Boyd Marshall (June 22, 1884 – November 10, 1950) was an American actor of the stage and screen during the early decades of the 20th century. Born in Ohio in 1884, he moved to New York to pursue a career in acting. He began on the stage and in vaudeville, before entering the film industry in 1913. He had a brief film career, lasting until 1917, before he returned to the stage.

==Early life==
The son of Thomas J. and Agnes Marshall, Boyd Marshall was born on June 22, 1884, in Port Clinton, Ohio. His father was an attorney, but after his father's death in 1895 his mother moved to their large fruit farm in Nina community in Carroll Township, Ottawa County, Ohio west of Port Clinton. It was there where he spent his teenage years.
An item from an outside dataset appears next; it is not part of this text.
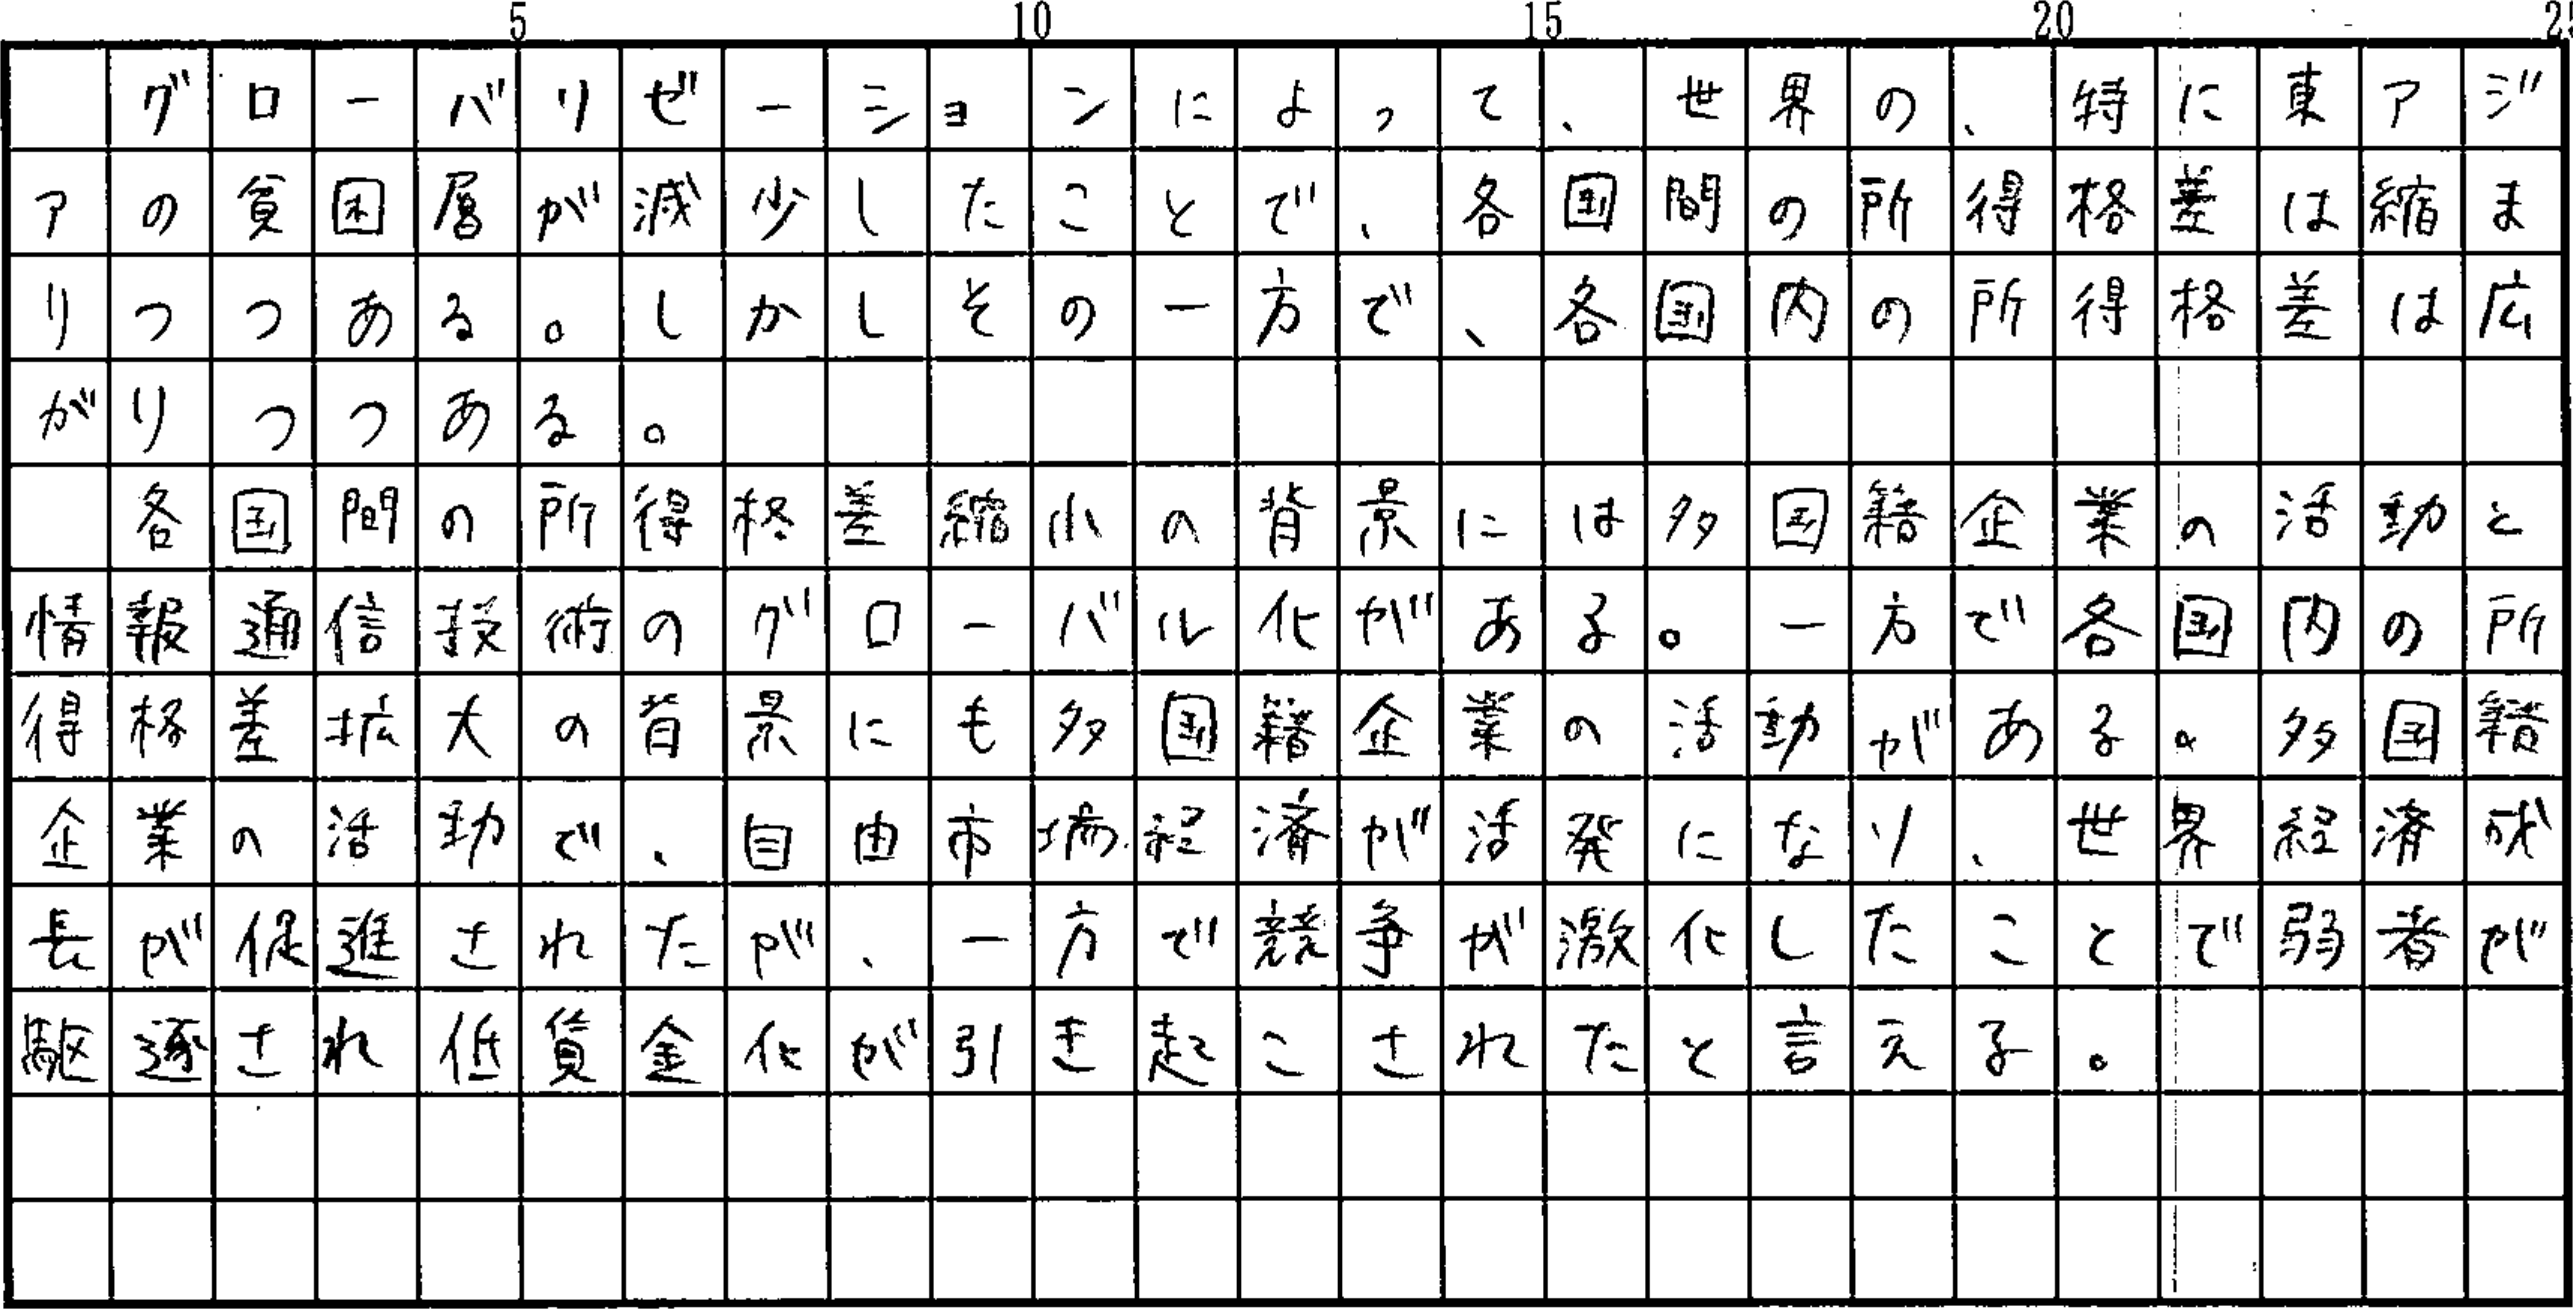　グローバリゼーションによって、世界の、特に東アジアの貧困層が減少したことで、各国間の所得格差は縮まりつつある。しかしその一方で、各国の所得格差は広がりつつある。
　各国間の所得格差縮小の背景には多国籍企業の活動と情報通信技術のグローバル化がある。一方で各国内の所得格差拡大の背景にも多国籍企業の活動がある。多国籍企業の活動で、自由市場経済が活発になり、世界経済成長が促進されたが、一方で競争が激化したことで弱者が駆逐され低賃金化が引き起こされたと言える。

He attended the University of Michigan before deciding to become as a performer. Initially, Marshall wanted a career in opera, and studied at both the University of Michigan School of Music and the Detroit Conservatory Of Music.

==Career==
In 1905 Marshall appeared in the play Fantana, a musical at the Lyric Theatre in New York, which starred Douglas Fairbanks. In 1908 and 1909 Marshall appeared in Jesse Lasky's production of A Night on a Houseboat at the Orpheum Theater in Allentown, Pennsylvania. The show also toured other venues. In 1909, Marshall joined the Kolb and Dill company on the west coast, performing at the Majestic Theater in Los Angeles, as well as in San Francisco at the Princess Theater. Other early credits for Marshall included leads in the comic opera Mlle. Modiste, written by Victor Herbert, as well as the musical, The Lady from Lane's. He was also a favorite at the New York Hippodrome.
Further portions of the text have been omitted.